The workers on the producer side continue to wait for the consumer side parallel tasks to be created and open the exchange port:

Waiting tasks

Checkpoint

At this point in time:

  • There are a total of three tasks: Two in Branch C, plus the parent task.
  • Both producers at the node 5 exchange have opened, and are waiting on CXPACKET for the consumer side parallel tasks to open. Much of the exchange machinery (including row buffers) is created by the consumer side, so there is nowhere for the producers to put rows yet.
  • The sorts in Branch C have consumed all their input, and are ready to provide sorted output.
  • The index seeks in Branch C have completed their work and closed down.
  • The parent task has just been released from waiting on CXPACKET at the consumer side of the node 5 repartition streams exchange. It is still executing nested EarlyPhases calls.

Branch D Parallel Tasks Start

This is the third step in the execution sequence:

  1. Branch A (parent task).
  2. Branch C (additional parallel tasks).
  3. Branch D (additional parallel tasks).
  4. Branch B (additional parallel tasks).

Released from its CXPACKET wait at the consumer side of the repartition streams exchange at node 5, the parent task ascends the Branch B query scan tree. It returns from nested EarlyPhases calls to the various iterators and profilers on the outer (upper) input of the merge join.

As mentioned, ascending the tree updates the elapsed and CPU times recorded by the invisible profiling iterators. We are executing code using the parent task, so those numbers are recorded against execution context zero. This is the ultimate source of the “thread 0” timing numbers referred to in my previous article, Understanding Execution Plan Operator Timings.

Once back at the merge join, the parent task calls EarlyPhases for the iterators and profilers on the inner (lower) input to the merge join. These are nodes 10 to 15 (excluding 14, which is deferred):

Plan with node IDs

Once the parent task’s early phases calls reach the index seek at node 15, it begins to ascend the tree again (setting profiling times) until it reaches the repartition streams exchange at node 11.

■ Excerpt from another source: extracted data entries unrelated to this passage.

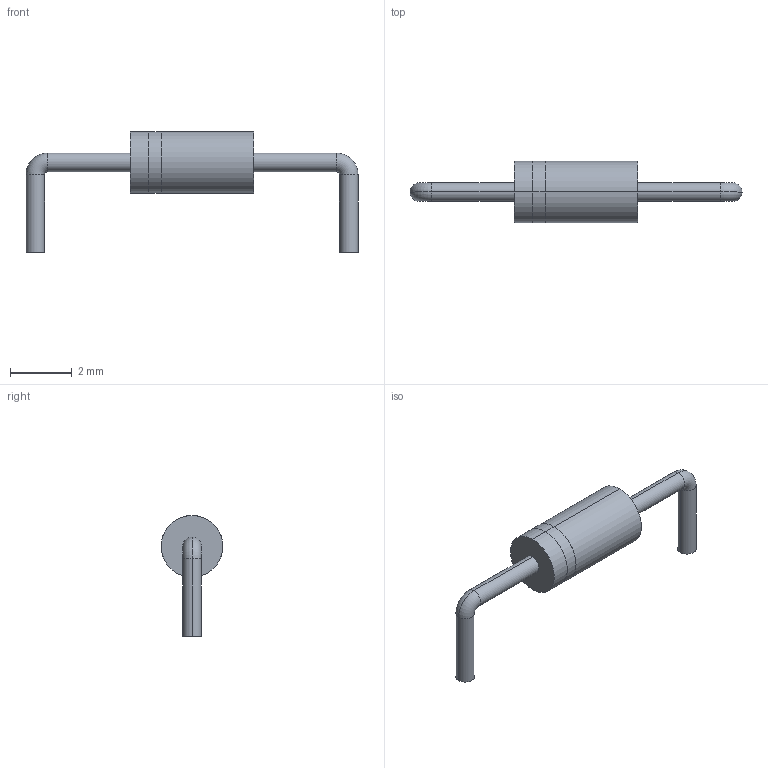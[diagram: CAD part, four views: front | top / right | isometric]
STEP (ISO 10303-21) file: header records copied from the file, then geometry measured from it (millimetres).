
FILE_DESCRIPTION (( 'STEP AP214' ), '1' );
FILE_NAME ('diodo DO-35 0.4in.STEP', '2021-04-19T17:02:55', ( '' ), ( '' ), 'SwSTEP 2.0', 'SolidWorks 2020', '' );
FILE_SCHEMA (( 'AUTOMOTIVE_DESIGN' ));
Length unit declared in the file: millimetre
Products named in the file (1): diodo DO-35 0.4in
Bounding box: 10.76 x 2 x 3.92 mm (x, y, z)
Volume: 15.9 mm3; surface area: 53.4 mm2
Topology: 1 solids, 1 shells, 24 faces, 46 edges, 28 vertices
Faces by surface type: cylinder 14, plane 6, torus 4
Entity records: 916 total; most frequent: DIRECTION 128, CARTESIAN_POINT 99, ORIENTED_EDGE 92, AXIS2_PLACEMENT_3D 57, EDGE_CURVE 46, CIRCLE 32, VERTEX_POINT 28, EDGE_LOOP 28

Then, just as it did on the outer (upper) input to the merge join, it starts the producer side of the exchange at node 11, creating two new parallel tasks.
This sets Branch D in motion (shown below). Branch D executes exactly as already described in detail for Branch C.

Branch D

Immediately after starting tasks for Branch D, the parent task waits on CXPACKET at node 11 for the new producers to open the exchange port:

Waiting tasks

The new CXPACKET waits are highlighted. Notice the reported node id might be a bit misleading. The parent task really is waiting at the consumer side of node 11 (repartition streams), not node 2 (gather streams). This is a quirk of early phase processing.

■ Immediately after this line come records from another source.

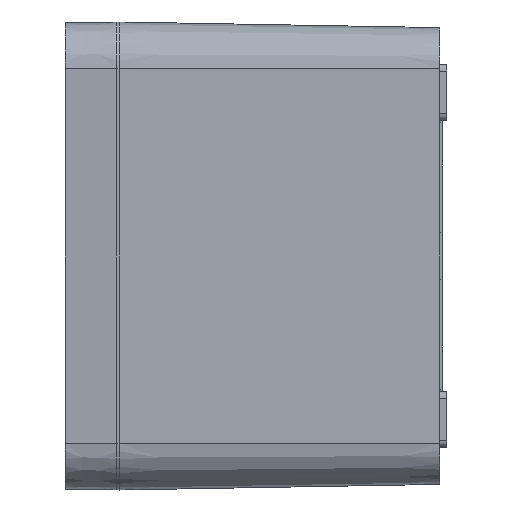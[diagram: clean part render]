
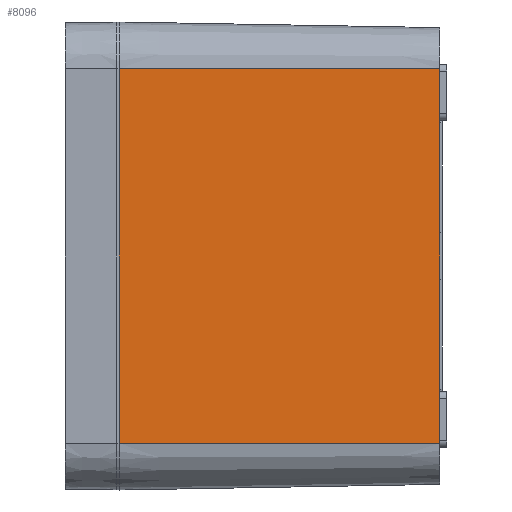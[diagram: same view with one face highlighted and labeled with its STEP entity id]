
A CAD part, left-side view. The second image highlights one B-rep face of the part: STEP entity #8096.
In plain terms, the highlighted planar face has unit normal (-1, -0.018, 0).
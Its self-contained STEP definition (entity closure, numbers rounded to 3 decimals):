
#918=LINE('',#10631,#1757);
#935=LINE('',#10692,#1774);
#936=LINE('',#10693,#1775);
#937=LINE('',#10694,#1776);
#1757=VECTOR('',#8985,10.);
#1774=VECTOR('',#9044,10.);
#1775=VECTOR('',#9045,10.);
#1776=VECTOR('',#9046,10.);
#2606=FACE_OUTER_BOUND('',#3050,.T.);
#3050=EDGE_LOOP('',(#5549,#5550,#5551,#5552));
#3614=VERTEX_POINT('',#10624);
#3616=VERTEX_POINT('',#10630);
#3638=VERTEX_POINT('',#10690);
#3639=VERTEX_POINT('',#10691);
#4367=EDGE_CURVE('',#3614,#3616,#918,.T.);
#4396=EDGE_CURVE('',#3638,#3639,#935,.T.);
#4397=EDGE_CURVE('',#3638,#3616,#936,.T.);
#4398=EDGE_CURVE('',#3614,#3639,#937,.T.);
#5549=ORIENTED_EDGE('',*,*,#4396,.F.);
#5550=ORIENTED_EDGE('',*,*,#4397,.T.);
#5551=ORIENTED_EDGE('',*,*,#4367,.F.);
#5552=ORIENTED_EDGE('',*,*,#4398,.T.);
#7802=PLANE('',#8581);
#8096=ADVANCED_FACE('',(#2606),#7802,.T.);
#8581=AXIS2_PLACEMENT_3D('',#10689,#9042,#9043);
#8985=DIRECTION('',(0.,0.,1.));
#9042=DIRECTION('center_axis',(-1.,-0.017,0.));
#9043=DIRECTION('ref_axis',(0.,0.,
-1.));
#9044=DIRECTION('',(0.,0.,-1.));
#9045=DIRECTION('',(-0.017,1.,0.));
#9046=DIRECTION('',(0.017,-1.,0.));
#10624=CARTESIAN_POINT('',(-75.,0.,-40.));
#10630=CARTESIAN_POINT('',(-75.,0.,40.));
#10631=CARTESIAN_POINT('',(-75.,0.,-20.));
#10689=CARTESIAN_POINT('Origin',(-75.,0.,-40.));
#10690=CARTESIAN_POINT('',(-73.804,-68.5,40.));
#10691=CARTESIAN_POINT('',(-73.804,-68.5,-40.));
#10692=CARTESIAN_POINT('',(-73.804,-68.5,-20.));
#10693=CARTESIAN_POINT('',(-75.,0.,40.));
#10694=CARTESIAN_POINT('',(-75.,0.,-40.));

Meanwhile, the producer threads in Branch C continue to wait on CXPACKET for the consumer side of the node 5 repartition streams exchange to open.

Branch D opening

Just after the parent task starts the producers for Branch D, the query profile DMV shows the new execution contexts (3 and 4):

Branch D profiles

The two new parallel tasks in Branch D proceed exactly as those in Branch C did. The sorts consume all their input, and the Branch D tasks return to the exchange. This releases the parent task from its CXPACKET wait. The Branch D workers then wait on CXPACKET at the producer side of node 11 for the consumer side parallel tasks to open. Those parallel workers (in Branch B) do not exist yet.

Checkpoint

The waiting tasks at this point are shown below:

Waiting tasks

Both sets of parallel tasks in Branches C and D are waiting on CXPACKET for their parallel task consumers to open, at repartition streams exchange nodes 5 and 11 respectively. The only runnable task in the whole query right now is the parent task.

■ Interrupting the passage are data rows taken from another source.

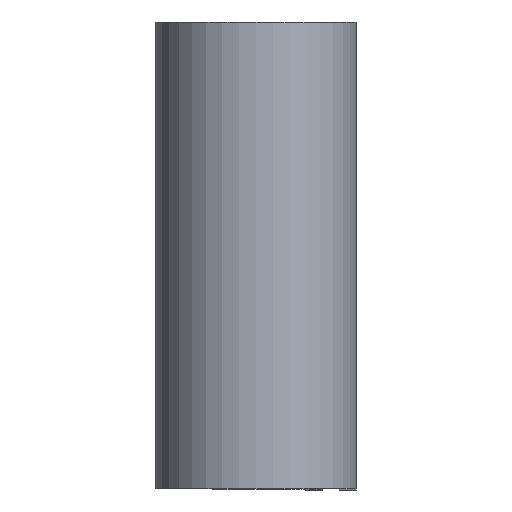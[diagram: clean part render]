
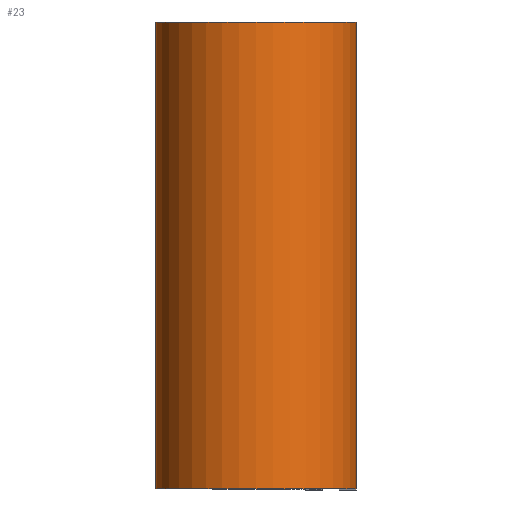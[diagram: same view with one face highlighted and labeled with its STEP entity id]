
A CAD part, top view. The second image highlights one B-rep face of the part: STEP entity #23.
In plain terms, the highlighted cylindrical face has radius 4.775 mm (diameter 9.55 mm), a partial arc.
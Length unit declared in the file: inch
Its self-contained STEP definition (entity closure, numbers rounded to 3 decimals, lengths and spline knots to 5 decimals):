
#23 = ADVANCED_FACE ( 'NONE', ( #417 ), #692, .T. ) ;
#51 = AXIS2_PLACEMENT_3D ( 'NONE', #607, #99, #95 ) ;
#72 = CIRCLE ( 'NONE', #51, 0.188 ) ;
#90 = LINE ( 'NONE', #338, #308 ) ;
#95 = DIRECTION ( 'NONE',  ( 1., 0., 0. ) ) ;
#99 = DIRECTION ( 'NONE',  ( 0., 1., 0. ) ) ;
#126 = CARTESIAN_POINT ( 'NONE',  ( 0., -0.4375, -0.188 ) ) ;
#160 = AXIS2_PLACEMENT_3D ( 'NONE', #251, #220, #223 ) ;
#187 = CARTESIAN_POINT ( 'NONE',  ( 0., 0.4375, -0.188 ) ) ;
#194 = AXIS2_PLACEMENT_3D ( 'NONE', #542, #475, #730 ) ;
#201 = EDGE_CURVE ( 'NONE', #596, #516, #711, .T. ) ;
#218 = EDGE_CURVE ( 'NONE', #638, #516, #700, .T. ) ;
#220 = DIRECTION ( 'NONE',  ( 0., 1., 0. ) ) ;
#223 = DIRECTION ( 'NONE',  ( 1., 0., 0. ) ) ;
#227 = ORIENTED_EDGE ( 'NONE', *, *, #356, .F. ) ;
#251 = CARTESIAN_POINT ( 'NONE',  ( 0., -0.4375, 0. ) ) ;
#302 = CARTESIAN_POINT ( 'NONE',  ( 0.188, 0.4375, 0. ) ) ;
#305 = DIRECTION ( 'NONE',  ( 0., -1., 0. ) ) ;
#308 = VECTOR ( 'NONE', #441, 39.37008 ) ;
#338 = CARTESIAN_POINT ( 'NONE',  ( 0., 0.4375, -0.188 ) ) ;
#356 = EDGE_CURVE ( 'NONE', #640, #596, #72, .T. ) ;
#382 = EDGE_CURVE ( 'NONE', #640, #638, #90, .T. ) ;
#417 = FACE_OUTER_BOUND ( 'NONE', #682, .T. ) ;
#441 = DIRECTION ( 'NONE',  ( 0., -1., 0. ) ) ;
#475 = DIRECTION ( 'NONE',  ( 0., -1., 0. ) ) ;
#493 = ORIENTED_EDGE ( 'NONE', *, *, #382, .T. ) ;
#516 = VERTEX_POINT ( 'NONE', #579 ) ;
#517 = ORIENTED_EDGE ( 'NONE', *, *, #218, .T. ) ;
#542 = CARTESIAN_POINT ( 'NONE',  ( 0., 0.4375, 0. ) ) ;
#579 = CARTESIAN_POINT ( 'NONE',  ( 0.188, -0.4375, 0. ) ) ;
#596 = VERTEX_POINT ( 'NONE', #679 ) ;
#607 = CARTESIAN_POINT ( 'NONE',  ( 0., 0.4375, 0. ) ) ;
#630 = ORIENTED_EDGE ( 'NONE', *, *, #201, .F. ) ;
#638 = VERTEX_POINT ( 'NONE', #126 ) ;
#640 = VERTEX_POINT ( 'NONE', #187 ) ;
#679 = CARTESIAN_POINT ( 'NONE',  ( 0.188, 0.4375, 0. ) ) ;
#682 = EDGE_LOOP ( 'NONE', ( #517, #630, #227, #493 ) ) ;
#692 = CYLINDRICAL_SURFACE ( 'NONE', #194, 0.188 ) ;
#700 = CIRCLE ( 'NONE', #160, 0.188 ) ;
#709 = VECTOR ( 'NONE', #305, 39.37008 ) ;
#711 = LINE ( 'NONE', #302, #709 ) ;
#730 = DIRECTION ( 'NONE',  ( 0., 0., -1. ) ) ;

The query profiler DMV at this point is shown below, with operators in Branches C and D highlighted:

Profile DMV output

The only parallel tasks we haven’t started yet are in Branch B. All the work in Branch B so far has been early phases calls performed by the parent task.

End of Part 4

In the final part of this series, I will describe how the remainder of this particular parallel execution plan starts up, and briefly cover how the plan returns results. I will conclude with a more general description that applies to parallel plans of arbitrary complexity.